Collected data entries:
__________

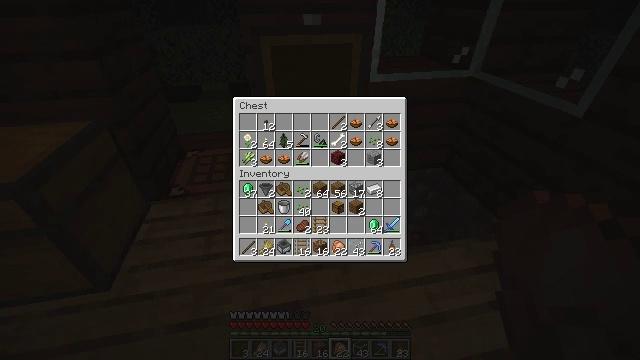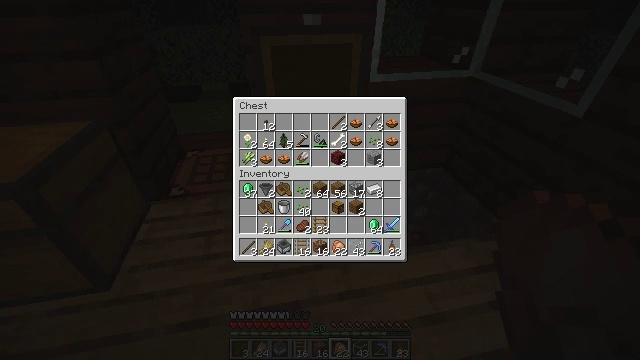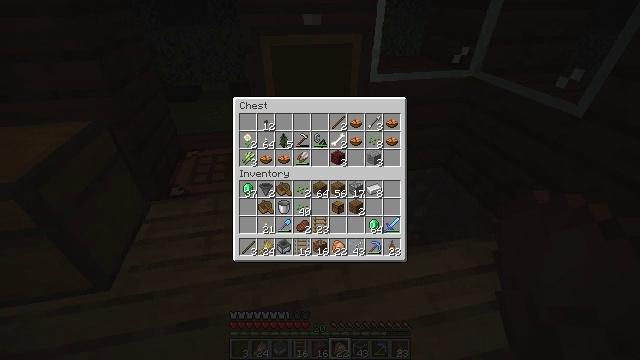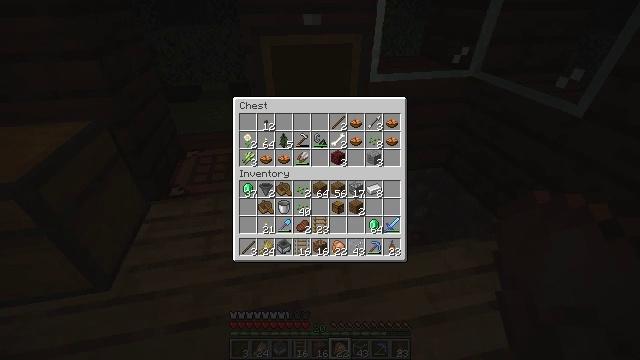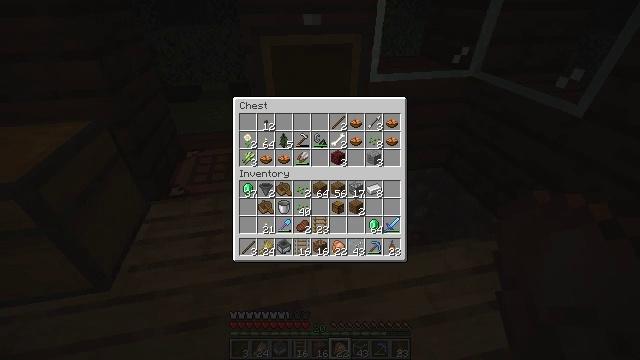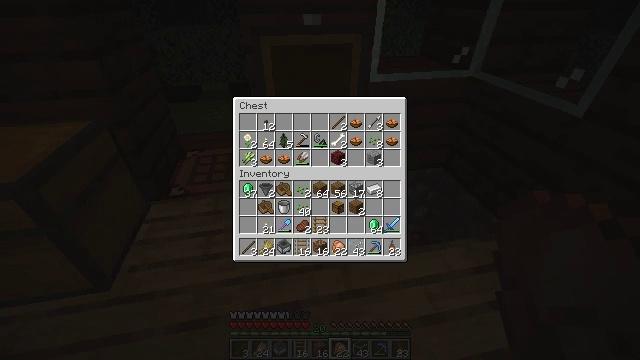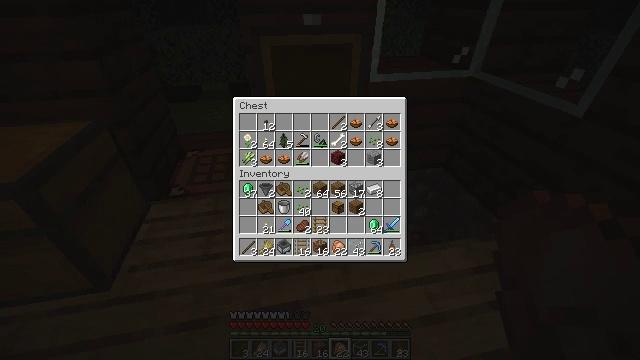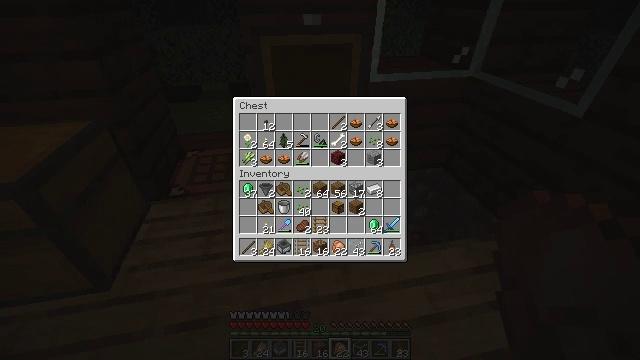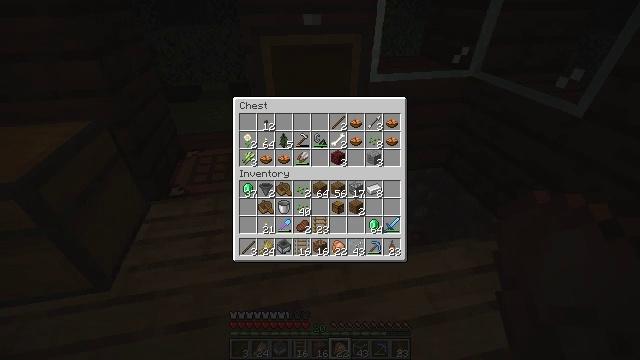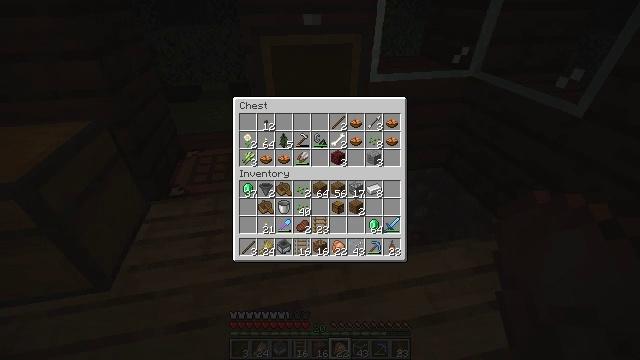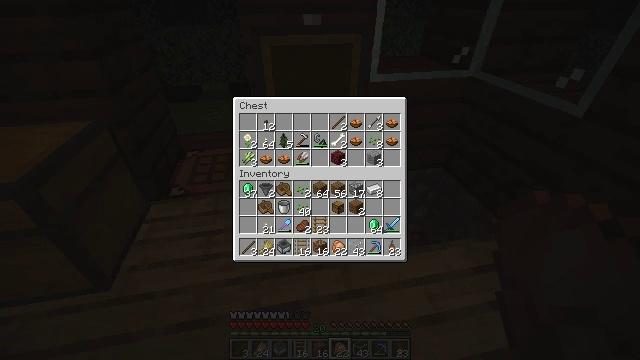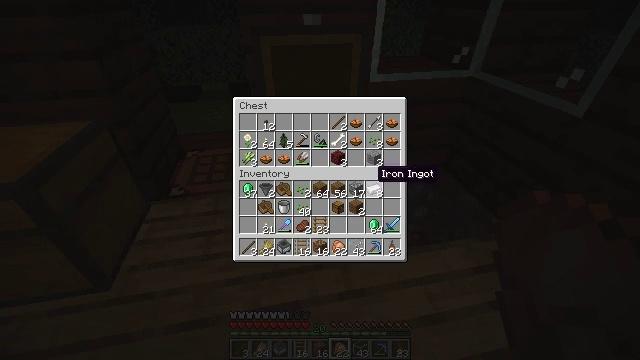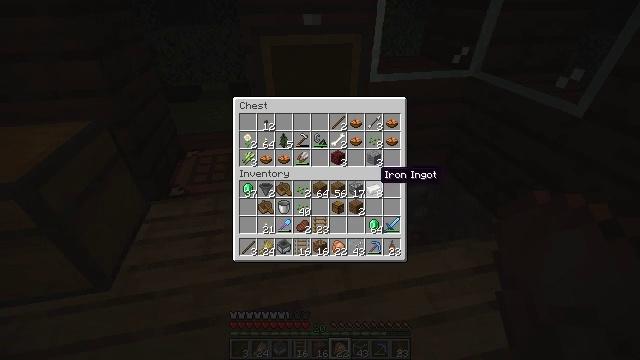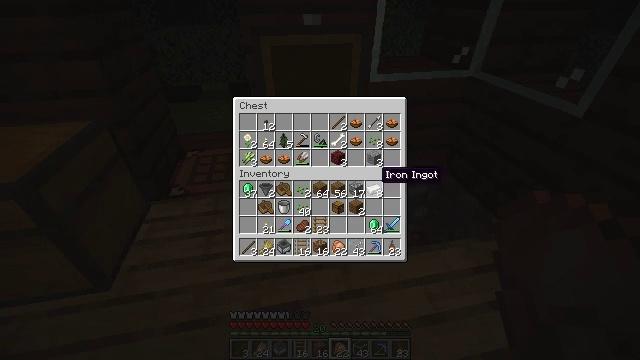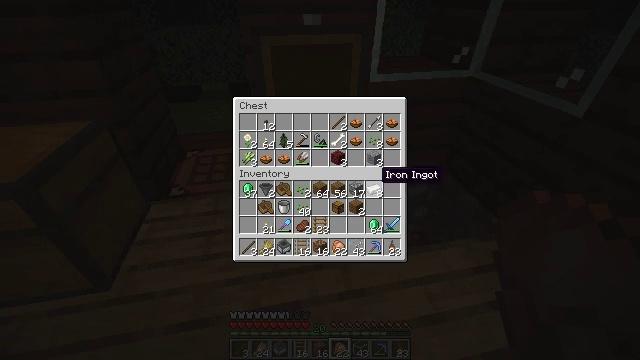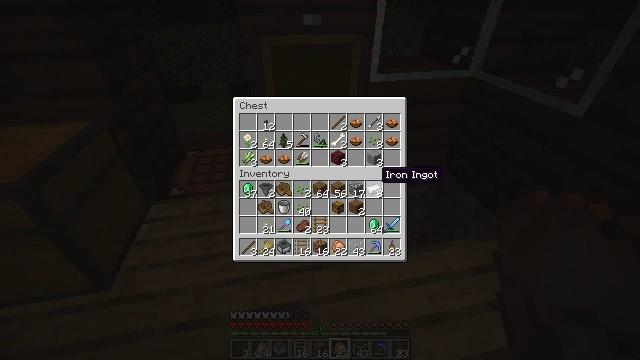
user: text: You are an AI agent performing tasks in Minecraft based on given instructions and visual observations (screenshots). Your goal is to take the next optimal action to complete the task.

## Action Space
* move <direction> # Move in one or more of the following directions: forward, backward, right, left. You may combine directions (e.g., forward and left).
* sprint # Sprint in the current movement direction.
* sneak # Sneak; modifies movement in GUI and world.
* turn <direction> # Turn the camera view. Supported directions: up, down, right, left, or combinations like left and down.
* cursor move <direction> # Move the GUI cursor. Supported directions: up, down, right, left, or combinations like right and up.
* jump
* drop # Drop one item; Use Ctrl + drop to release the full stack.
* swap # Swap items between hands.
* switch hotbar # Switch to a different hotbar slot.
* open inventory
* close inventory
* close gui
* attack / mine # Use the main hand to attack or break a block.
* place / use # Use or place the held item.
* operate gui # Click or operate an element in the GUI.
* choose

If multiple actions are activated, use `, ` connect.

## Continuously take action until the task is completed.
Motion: motion action
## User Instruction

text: Construct an observer at the crafting table.
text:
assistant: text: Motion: operate gui
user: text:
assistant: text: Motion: no_op
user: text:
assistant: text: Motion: no_op
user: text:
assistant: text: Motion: no_op
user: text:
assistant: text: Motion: no_op
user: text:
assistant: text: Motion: no_op
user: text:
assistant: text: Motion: no_op
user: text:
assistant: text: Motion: no_op
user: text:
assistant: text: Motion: no_op
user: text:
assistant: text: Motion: no_op
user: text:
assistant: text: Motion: cursor move right
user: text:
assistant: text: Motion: no_op
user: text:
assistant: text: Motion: no_op
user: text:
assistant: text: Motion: no_op
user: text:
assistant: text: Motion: no_op
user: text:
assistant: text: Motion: no_op
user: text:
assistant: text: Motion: no_op
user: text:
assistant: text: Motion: no_op
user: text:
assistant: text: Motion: no_op
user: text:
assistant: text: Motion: no_op
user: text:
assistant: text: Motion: no_op
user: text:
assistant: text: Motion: no_op
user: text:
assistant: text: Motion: no_op
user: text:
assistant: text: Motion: no_op
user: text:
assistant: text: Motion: no_op
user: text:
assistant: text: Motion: no_op
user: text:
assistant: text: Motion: no_op
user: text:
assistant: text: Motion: no_op
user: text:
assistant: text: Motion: no_op
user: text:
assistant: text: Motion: no_op

__________

WHAT YOU HAVE TO DO: All lines in the records with the string "direction" should be copied out.

ANSWER TO THE EXERCISE:
* move <direction> # Move in one or more of the following directions: forward, backward, right, left. You may combine directions (e.g., forward and left).
* sprint # Sprint in the current movement direction.
* turn <direction> # Turn the camera view. Supported directions: up, down, right, left, or combinations like left and down.
* cursor move <direction> # Move the GUI cursor. Supported directions: up, down, right, left, or combinations like right and up.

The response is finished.